Cotylelobium lanceolatum
- Conservation status: Vulnerable (IUCN 3.1)

Scientific classification
- Kingdom: Plantae
- Clade: Tracheophytes
- Clade: Angiosperms
- Clade: Eudicots
- Clade: Rosids
- Order: Malvales
- Family: Dipterocarpaceae
- Genus: Cotylelobium
- Species: C. lanceolatum
- Binomial name: Cotylelobium lanceolatum Craib
- Synonyms: Cotylelobium malayanum Slooten ; Sunaptea lanceolata (Craib) Kosterm. ;

= Cotylelobium lanceolatum =

- Genus: Cotylelobium
- Species: lanceolatum
- Authority: Craib
- Conservation status: VU

Species of tree

Cotylelobium lanceolatum is a tree in the family Dipterocarpaceae. The specific epithet lanceolatum means "lance-like", referring to the shape of the leaf.

==Description==
Cotylelobium lanceolatum grows up to 45 m tall, with a trunk diameter of up to 1.2 m. The leathery leaves are lanceolate to ovate and measure up to 8 cm long. The inflorescences measure up to 6 cm long and bear cream flowers.

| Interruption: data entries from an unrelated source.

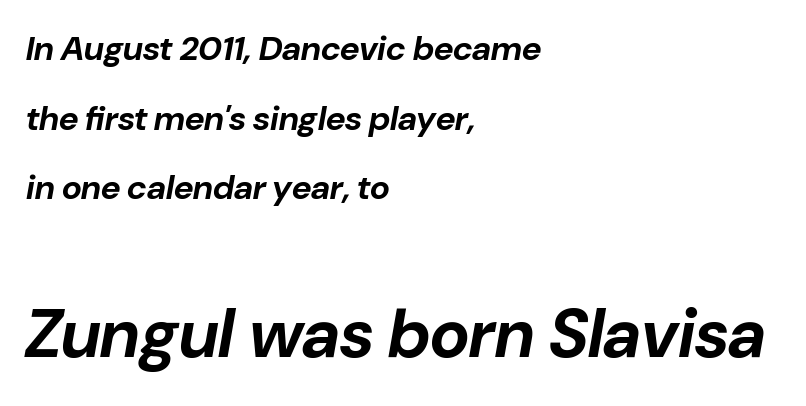
Its strokes are broad and dark, the hallmark of bold type. Tracking here is standard; glyphs follow each other at the usual distance. Loosely led — the rows are spread out. This sample is left-justified, so line endings fall wherever the words run out. Small over large — that's the arrangement of the two blocks here.
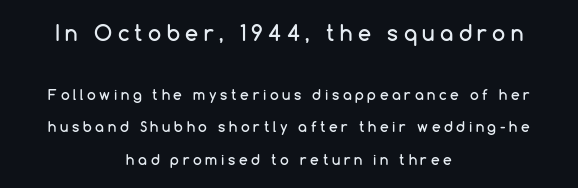
Q: Is the text italic (slanted)? A: No, it is upright.
Q: Is the text underlined? A: No.
Q: How is the paragraph aligned? A: Centered.
Q: Is the spacing between letters normal or unusually wide? A: Unusually wide.
Q: Is the spacing between lines tight, normal or loose? A: Loose.
Q: Which block of text is set in a larger size, the first (top) or the second (bottom)? A: The first (top) one.
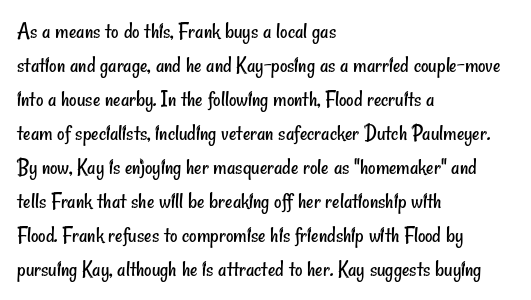
{"bold": "no", "underline": "no", "align": "left", "line_spacing": "normal", "line_spacing_ratio": 1.48, "letter_spacing": "normal", "letter_spacing_em": 0.0, "glyph_px": 23}
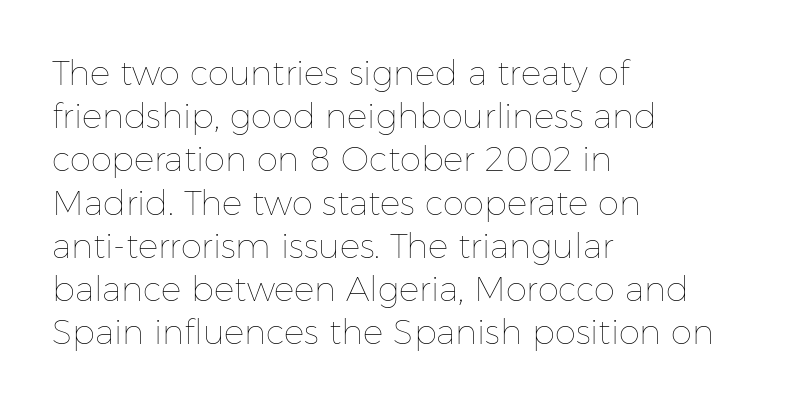
The image shows 34 px thin type, upright; set left-aligned, normal line spacing (1.27x), normal letter spacing, not underlined; low stroke contrast and a medium x-height.
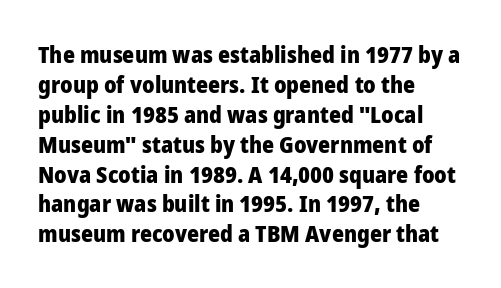
The image shows 23 px bold type, upright; set left-aligned, normal line spacing (1.3x), normal letter spacing, not underlined.
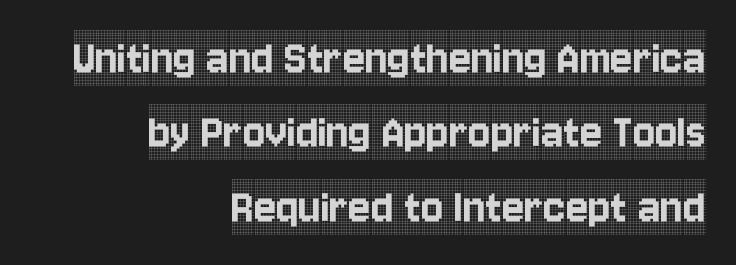
{"serif": "yes", "italic": "no", "width": "condensed", "x_height": "large", "monospaced": "no", "underline": "no", "align": "right", "line_spacing": "normal", "line_spacing_ratio": 1.43, "letter_spacing": "normal", "letter_spacing_em": 0.0, "glyph_px": 52}
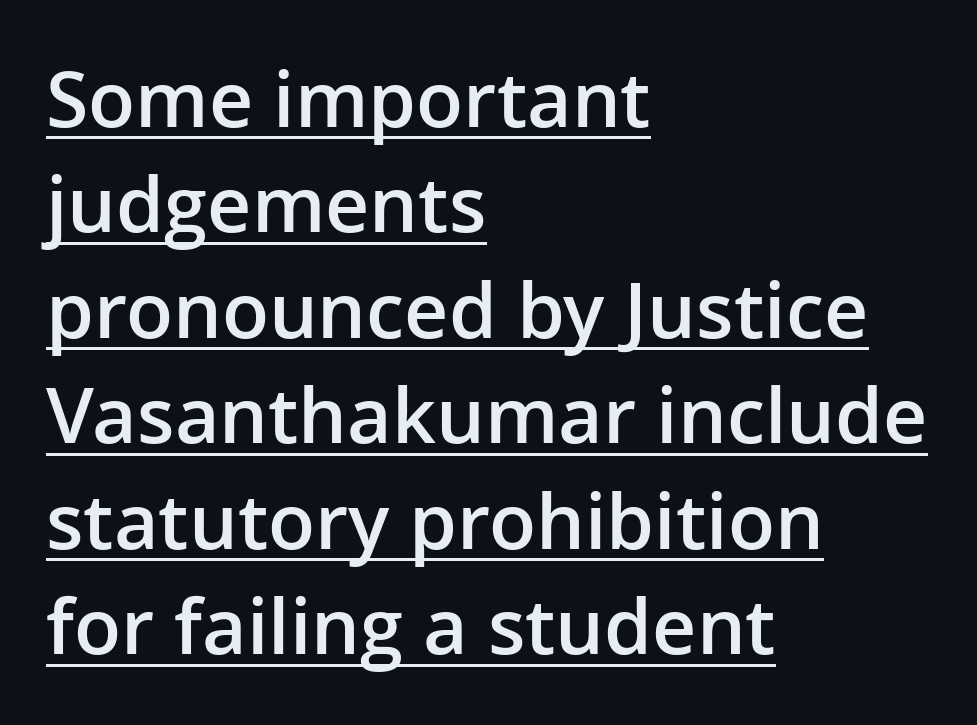
Q: Is the text bold? A: Semi-bold.
Q: Is the text italic (slanted)? A: No, it is upright.
Q: Is the typeface a serif or a sans-serif typeface? A: Sans-serif.
Q: Is the text underlined? A: Yes.
Q: How is the paragraph aligned? A: Left-aligned.
Q: Is the spacing between letters normal or unusually wide? A: Normal.
Q: Is the spacing between lines tight, normal or loose? A: Normal.
Q: Width (condensed, normal, or wide)? A: Normal.
Q: Stroke contrast? A: Low.
Q: x-height? A: Medium.
Q: Monospaced? A: No.
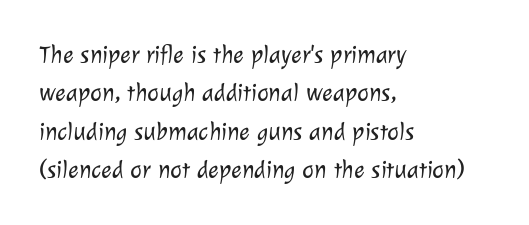
{"bold": "no", "underline": "no", "align": "left", "line_spacing": "normal", "line_spacing_ratio": 1.54, "letter_spacing": "normal", "letter_spacing_em": 0.0, "glyph_px": 25}
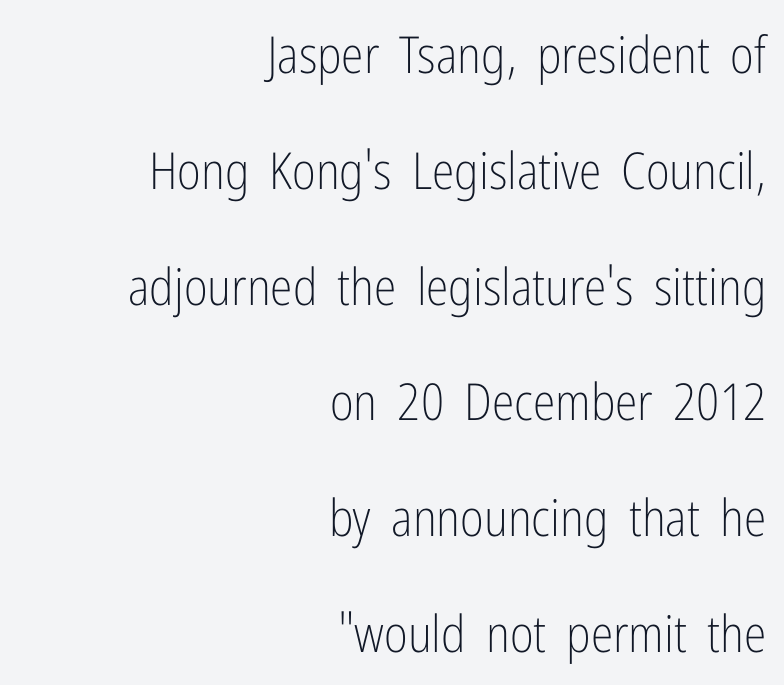
{"serif": "no", "italic": "no", "bold": "no", "weight": "light", "width": "condensed", "stroke_contrast": "low", "x_height": "medium", "monospaced": "no", "underline": "no", "align": "right", "line_spacing": "loose", "line_spacing_ratio": 2.27, "letter_spacing": "normal", "letter_spacing_em": 0.0, "glyph_px": 51}
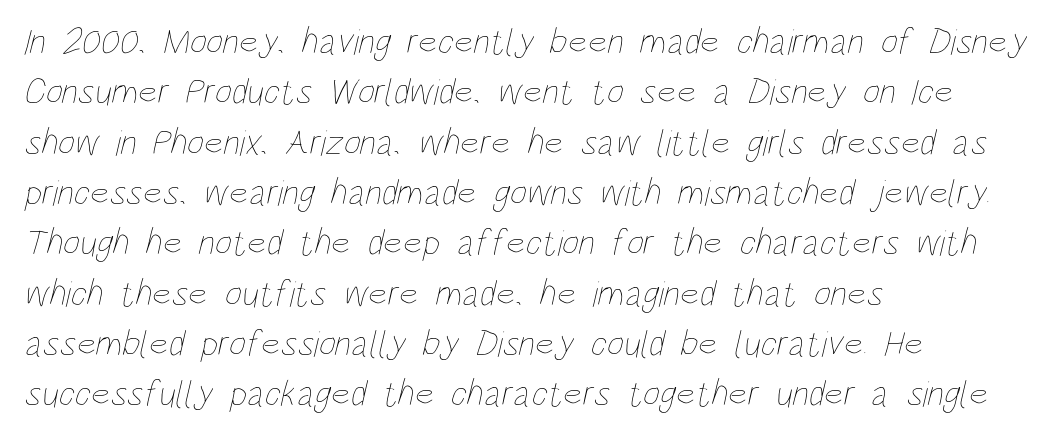
{"bold": "no", "weight": "thin", "width": "condensed", "stroke_contrast": "low", "x_height": "large", "monospaced": "no", "underline": "no", "align": "left", "line_spacing": "normal", "line_spacing_ratio": 1.36, "letter_spacing": "normal", "letter_spacing_em": 0.0, "glyph_px": 37}

==Distribution and habitat==
Cotylelobium lanceolatum is native to Thailand, Peninsular Malaysia, Singapore and Borneo. Its habitat is in kerangas areas or above beaches, to 300 m elevation, except to 1500 m in Kalimantan.

==Conservation==
Cotylelobium lanceolatum has been assessed as vulnerable on the IUCN Red List. It is threatened by conversion of land for palm oil plantations and other agriculture. The species is found in some protected areas.